National anthem deserves our respect

Two days after the horrific Boston Marathon bombing, the Boston Bruins took to the ice in the city’s first major sporting event since the attack. The Boston Fire Department Honor Guard, representing all of the city’s first responders, presented the colors and singer Rene Rancourt began singing the national anthem.

But after just a couple of phrases into the song, the entire crowd had joined in, singing so loudly and with such conviction, that Rancourt lowered the microphone and they all sang along together.

Boston Bruins National Anthem. Boston Marathon bombing.
Fans at the Boston Bruins game sang an emotional National Anthem following the Boston Marathon bombing.

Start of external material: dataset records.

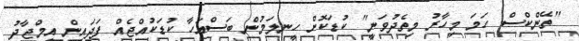
"ތޭންކްސް. ހަމަ މިހާރު މިތެދުވަނީ" ކުޑަކޮށް ހީނލަމުން ބަސްއަހާ ކުޑަކުއްޖެއް ފަދައިން އިމްޖާދު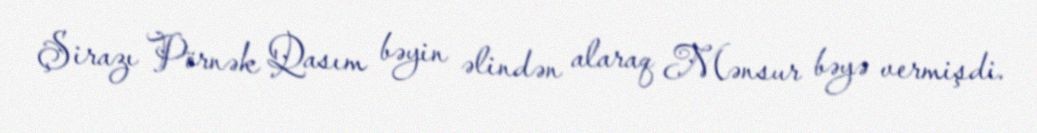
Şirazı Pörnək Qasım bəyin əlindən alaraq Mənsur bəyə vermişdi.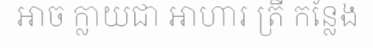
អាច ក្លាយជា អាហារ ត្រី កន្លែង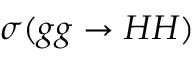
\sigma ( g g \rightarrow H H )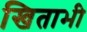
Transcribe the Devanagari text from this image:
खिताभी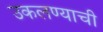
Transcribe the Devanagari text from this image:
उकलण्याची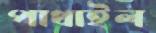
পাথাইল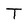
Character: T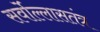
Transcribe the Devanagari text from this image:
सर्वोल्लासतंत्र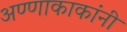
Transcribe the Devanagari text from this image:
अण्णाकाकांनी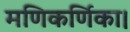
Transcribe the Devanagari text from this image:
मणिकर्णिका।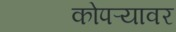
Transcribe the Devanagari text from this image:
कोपऱ्यावर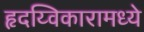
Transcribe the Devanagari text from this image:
हृदय्विकारामध्ये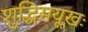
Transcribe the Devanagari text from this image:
शुद्धिमयूखः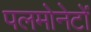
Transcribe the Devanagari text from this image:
पलमोनेटों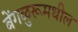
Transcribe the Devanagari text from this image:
बेंगळुरूमधील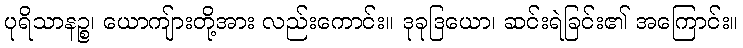
ပုရိသာနဉ္စ၊ ယောကျ်ားတို့အား လည်းကောင်း။ ဒုခုဒြယော၊ ဆင်းရဲခြင်း၏ အကြောင်း။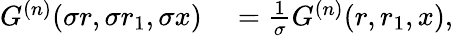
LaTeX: \begin{array}{rl}{G^{(n)}(\sigma r,\sigma r_{1},\sigma x)}&{{}=\frac{1}{\sigma}G^{(n)}(r,r_{1},x),}\end{array}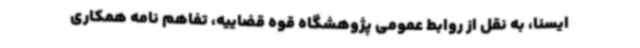
ایسنا، به نقل از روابط عمومی پژوهشگاه قوه قضاییه، تفاهم نامه همکاری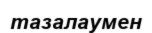
тазалаумен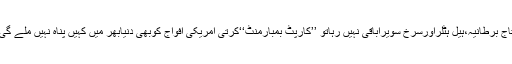
تاج برطانیہ،ہیل ہٹلراورسرخ سویراباقی نہیں رہاتو ’’کارپٹ بمبارمنٹ‘‘کرتی امریکی افواج کوبھی دنیابھر میں کہیں پناہ نہیں ملے گی۔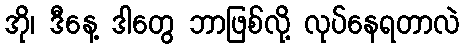
အို၊ ဒီနေ့ ဒါတွေ ဘာဖြစ်လို့ လုပ်နေရတာလဲ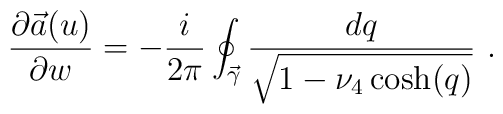
{\partial \vec{a}(u)\over \partial w}= -{i\over 2\pi}\oint_{\vec{\gamma}}{dq \over \sqrt{1-\nu_4\cosh(q)}} \ .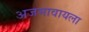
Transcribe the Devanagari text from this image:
अजमावायला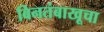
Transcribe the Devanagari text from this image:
बिनतंबाखूचा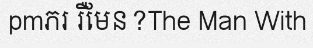
pmភរ រឺមែន?The Man With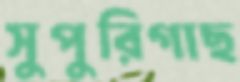
সুপুরিগাছ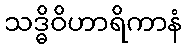
သဒ္ဓိဝိဟာရိကာနံ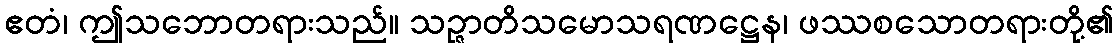
ဧတံ၊ ဤသဘောတရားသည်။ သဉ္ဇာတိသမောသရဏဋ္ဌေန၊ ဖဿစသောတရားတို့၏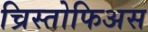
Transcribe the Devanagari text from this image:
च्रिस्तोफिअस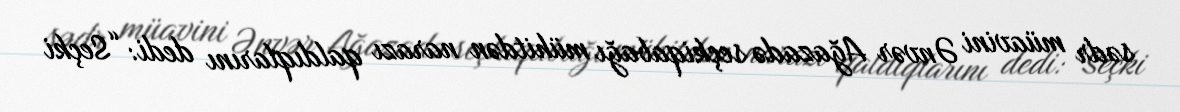
sədr müavini Ənvər Ağazadə seçkiqabağı mühitdən narazı qaldıqlarını dedi: “Seçki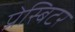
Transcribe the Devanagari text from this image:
प्रेस्बिटर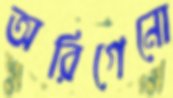
অরিগেনো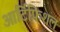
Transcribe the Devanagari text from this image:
आर्टिफ़िशल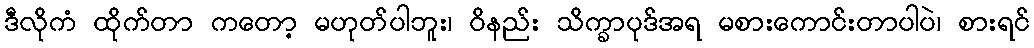
ဒီလိုကံ ထိုက်တာ ကတော့ မဟုတ်ပါဘူး၊ ဝိနည်း သိက္ခာပုဒ်အရ မစားကောင်းတာပါပဲ၊ စားရင်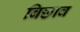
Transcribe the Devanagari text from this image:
बिछाव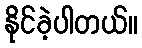
နိုင်ခဲ့ပါတယ်။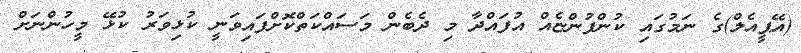
(އޭޕީއެލް)ގެ ނަމުގައި ކުންފުންޏެއް އުފައްދާ މި ދެބެން މަސައްކަތްކޮށްފައިވަނީ ކުޅިވަރު ކުޅޭ މީހުންނަށް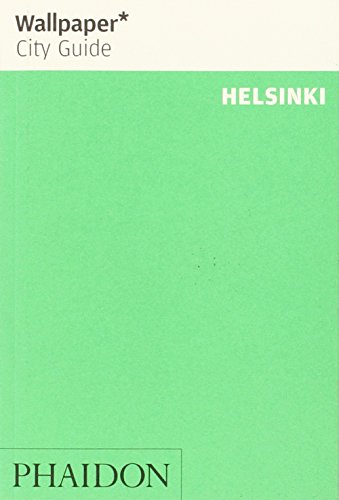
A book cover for Wallpaper* City Guide Helsinki 2014; Travel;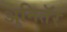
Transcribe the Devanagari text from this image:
अुनितॅर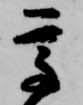
高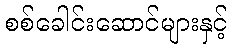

It was one of the most emotional renditions of “The Star-Spangled Banner” I have ever witnessed. The “USA!” chants that followed reminded how the country can come together united as one.

Not all experiences with the national anthem are that memorable, nor do they have to be. But each should have the respect of the performer as well as the crowd.

Some of my earliest memories of “The Star-Spangled Banner” came at Spoofhound football games. I remember really cold, dark nights, when my mom would bring these old blankets for us to bundle up in and hot cocoa in an old thermos we had. And I remember the Marching Spoofhounds taking the field and forming an “M” for the football players to run through. And then there was the national anthem. Everyone towering around me stood with their hands over their hearts. I would stand up on the bleachers so I could see. And the crowd sang along.

They always sang along.

I’ve noticed recently, however, that people aren’t doing that much anymore. I have attended several local high school basketball games this season where my husband and I were the only ones singing. And people looked around at us like we were doing something wrong.

If you choose not to sing along, that’s fine. I will respect your feelings as long as you respect the flag and the anthem.

Unfortunately, that doesn’t always happen.

I was at a game last week and was standing directly across from the teams as local JROTC members presented the colors in the middle of the floor. I stood there singing when I noticed movement just left of the flag.

It was one of the athletes from the visiting team and she was quite distracting. She adjusted the spandex shorts underneath her uniform, first the left leg and then the right. Then she tugged at the left sleeve of her jersey and then the right. And finally, she pulled her headband down, let her hair out of her ponytail, pulled it back up and then readjusted her headband.

I fought hard to concentrate on the song and the words and the flag and what it all meant. And I felt badly for the student singing just a few feet from her.

I did not know her, but I was embarrassed for her, her family, her school and her community.

So here’s the back story, if you didn’t know:

After a 25-hour onslaught of Fort McHenry by the British, the early morning light broke through on September 14, 1814, revealing the US flag still flying over the fort. Francis Scott Key looked out from the ship where he had been detained, seeing this sight, and then penned the words that would later become “The Star-Spangled Banner.”

By the 1890s, it had been adopted by US military forces for ceremonial purposes during the raising and lowering of the colors. And it officially became the national anthem in 1931, according to The National Museum of American History.

The respect we should show is not just for the national anthem, but also for the flag.

According to The Flag Code: “To salute, all persons come to attention. Those in uniform give the appropriate formal salute. Citizens not in uniform salute by placing their right hand over the heart and men with head cover should remove it and hold it to left shoulder, hand over the heart….When the national anthem is played or sung, citizens should stand at attention and salute at the first note and hold the salute through the last note. The salute is directed to the flag, if displayed, otherwise to the music.”

Henry Ward Beecher said: “A thoughtful mind, when it sees a Nation’s flag, sees not the flag only, but the Nation itself; and whatever may be its symbols, its insignia, he reads chiefly in the flag the Government, the principles, the truths, the history which belongs to the Nation that sets it forth.”

The fans of that Boston Bruins game demonstrated that to the the country. An example we all could follow.